No, actually there is cyan in all rainbows, as well as white light split by a prism. But there is no magenta.
 
  • #46
Anachronist said:
No, actually there is cyan in all rainbows
The problem with that statement is that Cyan is a mix of blue and green primaries (It can also be considered as -Red but that system is based on primaries. Primaries are not spectral wavelengths and can only add together to produce resulting colours on a straight line on the CIE chart. That means it cannot actually lay on the (very much curved) Spectral locus. A rainbow is not actually a very pure spectrum; it's very de-saturated because there's a lot of white in there. Basically, a rainbow is not a very good example of the spectrum of sunlight. The colours can often look impressive and vivid but nothing like as good as what you get in a dark room with a prism.
 
  • #47
sophiecentaur said:
The problem with that statement is that Cyan is a mix of blue and green primaries.
Maybe on a monitor, but there's a frequency of light between blue and green that correlates with cyan (at least, allowing for saturation, as you say).

The problem with magenta is that there is no single frequency, since magenta is a perceived mix of red and blue. If you took the frequency between red and blue, you'd get a green.
 
  • #48
DaveC426913 said:
Maybe on a monitor, but there's a frequency of light between blue and green that correlates with cyan (at least, allowing for saturation, as you say).

The problem with magenta is that there is no single frequency, since magenta is a perceived mix of red and blue. If you took the frequency between red and blue, you'd get a green.
Yeah I can’t really disagree. I was being mischievous but no colour you can make with primaries is actually spectral. Lowering the saturation involves adding a third primary.

nothing is real with colours.
 
  • #50
hutchphd said:
After all we have only three distinct eye pigments and yet I swear there are seven colors when I look at the rainbow.
There are a couple of ways to demonstrate why it might be seven.

We detect three different colours. Red, Green & Violet, that we sometimes call Blue.
That gives us a three bit binary number with 23 = 8 possible combinatorial states.
But black is zero, so only 23 - 1 = 7 colours remain.
If we are colour blind to one colour we see 22 - 1 = 3 colours.
If we had an extra detection pigment we would see 24 - 1 = 15 colours.

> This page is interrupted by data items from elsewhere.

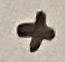
Text: +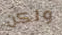
ولكن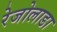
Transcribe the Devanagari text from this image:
रेजोलाडा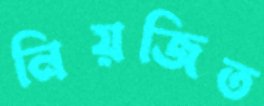
নিয়জিত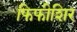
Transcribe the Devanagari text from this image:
फिफीशिर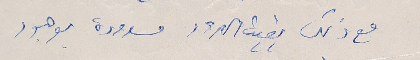
مع ذلك بقيت الحدود مسدودة بوجود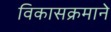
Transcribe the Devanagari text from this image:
विकासक्रमाने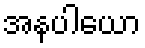
အနပါယော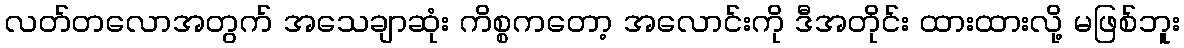
လတ်တလောအတွက် အသေချာဆုံး ကိစ္စကတော့ အလောင်းကို ဒီအတိုင်း ထားထားလို့ မဖြစ်ဘူး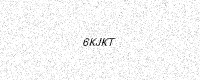
Text: 6KJKT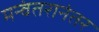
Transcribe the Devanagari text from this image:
मन्वंतरानंतर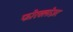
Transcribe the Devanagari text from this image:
फोरक्लोज़र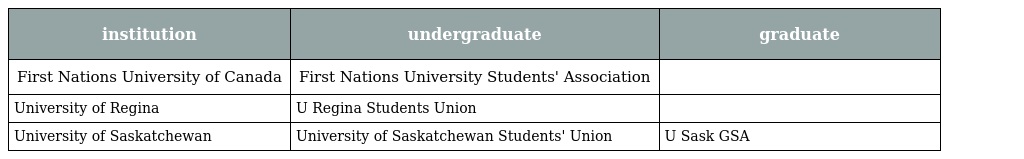
| institution | undergraduate | graduate |
 | --- | --- | --- |
 | First Nations University of Canada | First Nations University Students' Association |  |
 | University of Regina | U Regina Students Union |  |
 | University of Saskatchewan | University of Saskatchewan Students' Union | U Sask GSA |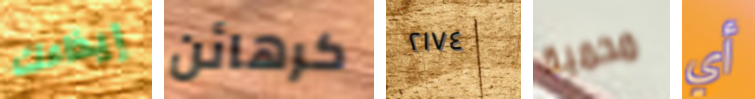
إيذاءك كرهائن ٢١٧٤ محمية أي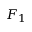
F _ { 1 }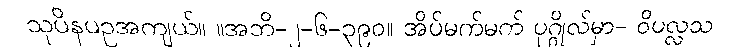
သုပိနပဥအကျယ်။ ။အဘိ-၂-၆-၃၉၀။ အိပ်မက်မက် ပုဂ္ဂိုလ်မှာ- ဝိပလ္လသ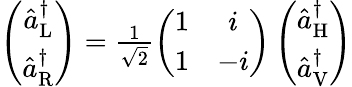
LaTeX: \begin{array}{r}{\left(\begin{array}{c}{\hat{a}_{\mathrm{L}}^{\dagger}}\\ {\hat{a}_{\mathrm{R}}^{\dagger}}\end{array}\right)=\frac{1}{\sqrt{2}}\left(\begin{array}{cc}{1}&{i}\\ {1}&{-i}\end{array}\right)\left(\begin{array}{c}{\hat{a}_{\mathrm{H}}^{\dagger}}\\ {\hat{a}_{\mathrm{V}}^{\dagger}}\end{array}\right)}\end{array}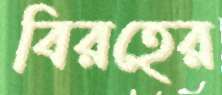
বিরহের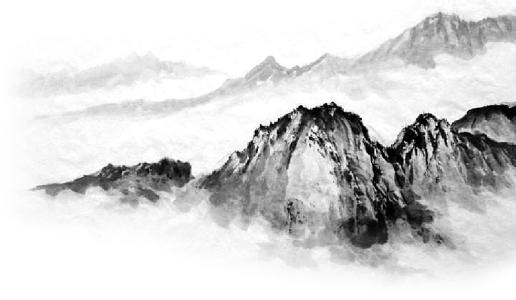
楼船夜雪瓜洲渡，铁马秋风大散关。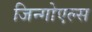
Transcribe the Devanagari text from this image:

But the rainbow is different because photons are ordered by wavelength, so in the rainbow detected Red cannot be adjacent to and mixed with Violet. Our Red and Green detectors are significantly overlapped which makes it all the more complicated. Anyhow, in the rainbow we see;
Red = Red.
Orange = Red, with a touch of green. (R+G with R>G).
Yellow = Green, with a touch of red. (R+G with R<G).
Green = Green.
Blue = Green, with a touch of violet.
Indigo = Violet, with a touch of green.
Violet = Violet.
So that gives us seven named and identifiable colours in a rainbow.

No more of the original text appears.